# which slingshot to purchase as my first?



## Gary r. voigt (Oct 8, 2012)

Hello guys and gals...it has been a very long time since I used a wrist rocket as a kid, was ok at it...not as good as dennis the menace..now as I turned 61 as of today I find myself want to work on that bucket list...I would like to just shoot and plink a lot...then as I get better would like to hunt squirrel with it...so buying 2 or 3 is not a problem...I have watched many vids on bills hays and lurked over this forum a few days and learning a lot from you guys and the pros... girls too...all I know is I would like to shoot sideways sorry but already forgot the terminology ...I have about 1200 lbs of lead ingots from my reloading stash but with to save that for my cast bullets and fishing lures...unless you know what hits the fan...let me know if I have left out any info that may be pertinent to the decision of my choices....I tried to copy and past some steel ammo on ebay but somehow it would not let me... 1/4" 1000 steel balls for like 15.00 and free shipping from BCTRADE USERNAME...what size should I start with? item # 301144741243

sorry about the long winded message.....and thanks in advance,

remember those who preserve the past also serve the future...

Gary


----------



## Phoul Mouth (Jan 6, 2015)

There must be like 50 million posts asking the same question. But anyways....

http://simple-shot.com/

The Scout. It lets you shoot all band types, all grip types, and both OTT and TTF. It literally allows you to try every combo you can think of to find what works best for you. Plus it can take a beating like you wouldn't believe.


----------



## Gary r. voigt (Oct 8, 2012)

ok thanks, that is the one I have been looking at..just wanted to confirm what the pros thought...do I buy on ebay or from a vendor?

thanks,

Gary


----------



## Tremoside (Jul 17, 2013)

Hi Gary,

Simply from the vendor. Simple Shot offers a fine and fast service.

You may also want to add band-sets and a replacement kit of FlipClips. This way you can easily step over the situation when the default band is ripped. Go with 3/8" size. Easy to grab, it's still visible.

Enjoy,

Tremo


----------



## GrayWolf (May 14, 2012)

Simple-Shot.com is where you will find the Scout and almost any other accessory for shooting. Nathan is a top notch guy and great to deal with.

Also, Eric at MetrogradeGoods.com has some great frames, tubes and pouches as well.

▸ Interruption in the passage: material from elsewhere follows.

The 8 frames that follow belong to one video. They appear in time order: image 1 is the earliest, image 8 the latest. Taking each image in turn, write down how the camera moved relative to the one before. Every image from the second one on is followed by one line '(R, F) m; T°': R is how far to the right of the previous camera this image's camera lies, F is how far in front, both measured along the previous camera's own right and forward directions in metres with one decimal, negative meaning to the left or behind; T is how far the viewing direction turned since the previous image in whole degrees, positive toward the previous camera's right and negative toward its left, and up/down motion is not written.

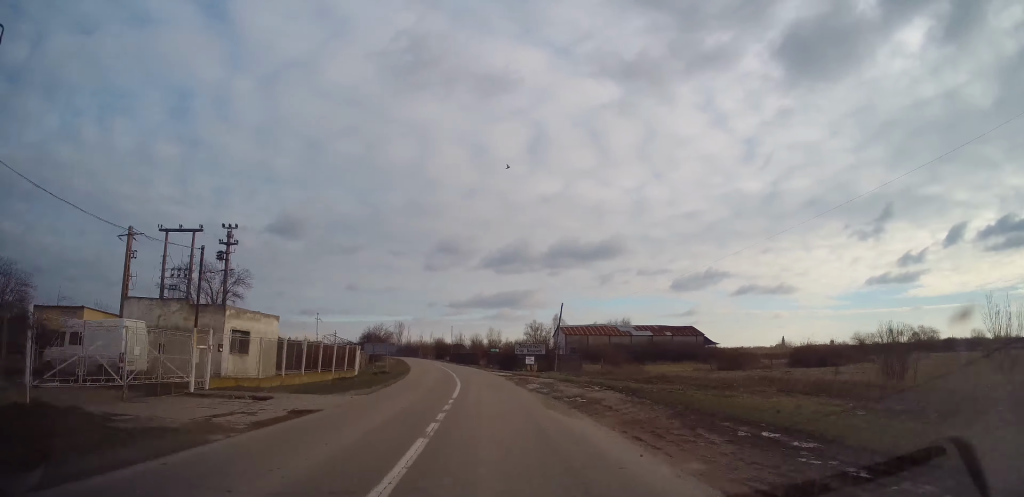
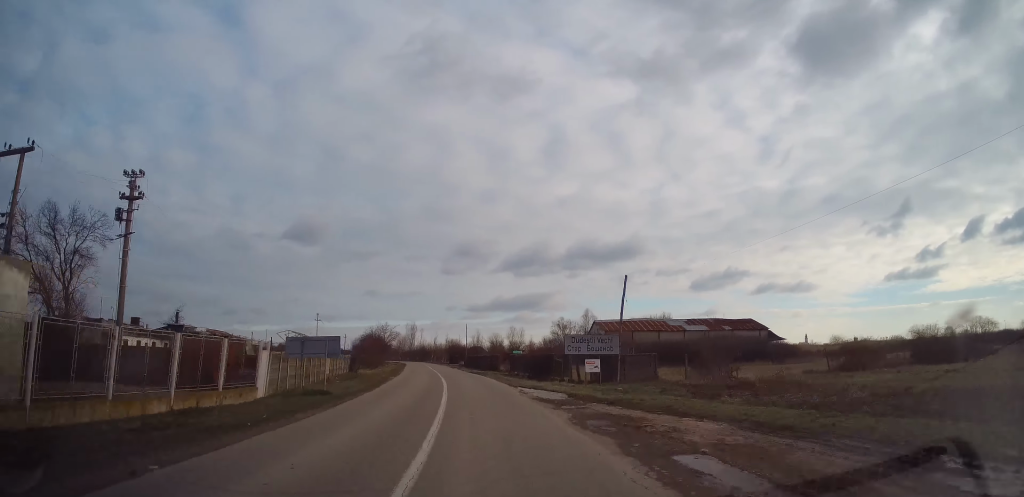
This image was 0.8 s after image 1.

These 2 are my top choices for most of my frames and everything else that goes with them.

Welcome to the addiction!

Todd


----------



## CornDawg (Sep 27, 2015)

Your first one back should be a natural Gary, wrought of your own two hands. Skipping this fundamental rite of passage deprives you of what some term "sling harmony," referring to the organic connection advanced slingers have cultivated with their nattys. A month or two with a natural fork and office rubber ensures sincere appreciation for your first store bought, and a proper foundation from which to progress. That said, yup, the Scout is the bees knees...


----------



## Alfred E.M. (Jul 5, 2014)

GrayWolf said:


> Simple-Shot.com is where you will find the Scout and almost any other accessory for shooting. Nathan is a top notch guy and great to deal with.
> 
> Also, Eric at MetrogradeGoods.com has some great frames, tubes and pouches as well.
> 
> ...


 :yeahthat:


----------



## hoggif (Apr 6, 2013)

Scout should allow you to try out flat bands as well as tubes. I prefer tubes for plinking and I really like the bent (ergonomic) chinese models.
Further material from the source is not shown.